Toronto, ON - New observational data have shown that the use of ACE inhibitors is associated with a reduced risk of ruptured abdominal aortic aneurysm [1]. The relationship between ACE-inhibitor use and aortic rupture was not apparent for other antihypertensive medications or for other drugs, such as lipid-lowering agents or drugs for osteoporosis, used in preventive health care.

Dr Daniel Hackam

"There are about four or five direct studies in animals that suggested ACE inhibitors, but not other antihypertensive agents, prevent aortic aneurysm rupture," lead investigator Dr Daniel Hackam (University of Toronto, ON) told heartwire. "The mechanism seems to be that angiotensin II has a direct toxic effect on the wall of large arteries, causing dilatation and fragmentation of elastin and underlying connective tissue. By blocking angiotensin II production, it is possible that the ACE inhibitors are turning off that process. This is preliminary human confirmation of that animal data."

In addition to the animal studies, Hackam pointed out that in several genetic studies, polymorphisms at the ACE gene are associated with aortic, coronary, and cerebral aneurysm. He added that for abdominal aortic aneurysms the main treatment option available is surgical repair, which carries an approximate 5% mortality rate and 32% complication rate. Less-invasive treatment with endovascular repair also carries similar mortality risks. "There is a real need to be able to stabilize aortic aneurysms medically, because a lot of these patients are too sick for surgery," said Hackam.

In an accompanying editorial published with the study, Drs Nicolas Diehm and Iris Baumgartner (University Hospital Bern, Switzerland) echo the need for medical therapy to treat aortic aneurysms [2]. "It seems that patients and doctors are still waiting for aneurysms to rupture or to become large enough to justify surgical or endovascular repair," they write.

The results of the study and the editorial are published in the August 19, 2006 issue of the Lancet.

To investigate the association between ACE inhibitors and aortic rupture, investigators in this retrospective, population-based, case-control study examined several linked administrative databases over 10 years in Ontario, Canada. The sample included 15 326 consecutive patients >65 years old admitted to the hospital with a primary diagnosis of ruptured or intact abdominal aortic aneurysm between 1992 and 2002.

Of the patients with abdominal aortic aneurysm admitted to the hospital during the study period, 22% had ruptured aneurysms and 78% had intact aneurysms. Overall, 3426 patients, including 665 patients with ruptured aneurysms and 2761 of those with intact aortas, were treated with an ACE inhibitor. Patients treated with an ACE inhibitor had a significant 18% lower risk of aortic rupture compared with patients not treated with an ACE inhibitor. After adjustment for demographic characteristics, risk factors for rupture, other comorbidities, contraindications, measures of healthcare use, and screening, the results were similar.

Hackam noted that the reduction in risk of aortic rupture was distinct from antihypertensive and other medications, suggesting the mechanism is not related to a blood-pressure-lowering effect. Calcium-channel blockers and beta blockers, for example, said Hackam, were not associated with any reduction in risk. The study also showed that patients who were prescribed ACE inhibitors but discontinued the drugs before admission were not protected from aortic rupture. ACE-inhibitor therapy also showed a protective association across various prespecified subgroups, as well as similar protection for the three most commonly prescribed ACE inhibitors (enalapril, lisinopril, and ramipril).
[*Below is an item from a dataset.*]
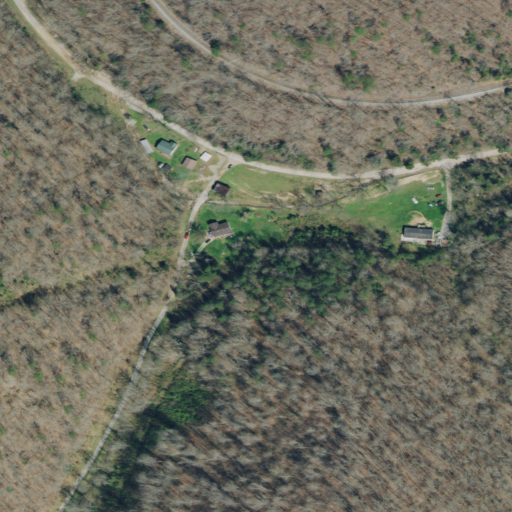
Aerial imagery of valley in Tennessee named Hamlet Hollow containing deciduous forest, open development, mixed forest, low intensity development, and pasture

Although investigators did not measure smoking status, they note that it was unlikely smoking influenced the results. Among those with ruptured or intact aortic aneurysm, there were similar rates of emphysema and respiratory disease, likely indicating similar baseline smoking status between the two groups. As noted in the editorial and related to heartwire by Hackam, many of the patients in the case-control series were undertreated. Only 16% were taking lipid-lowering medications, and only 22% were taking ACE inhibitors, despite the existence of underlying coronary artery disease in approximately one third of patients.

"As this is an observational study, it does not prove that ACE inhibitors prevent aortic aneurysm rupture," said Hackam. "We need a randomized, controlled study to say that. But we think that this paper really paves the way, on the shoulders of the animal studies, toward a randomized, controlled trial. We also think the data really support the guidelines released in the past year by the AHA [American Heart Association] and by the Canadian Journal of Cardiology suggesting that patients with aortic aneurysm should have very aggressive management of cardiovascular risk. ACE inhibitors are probably a cornerstone of that management."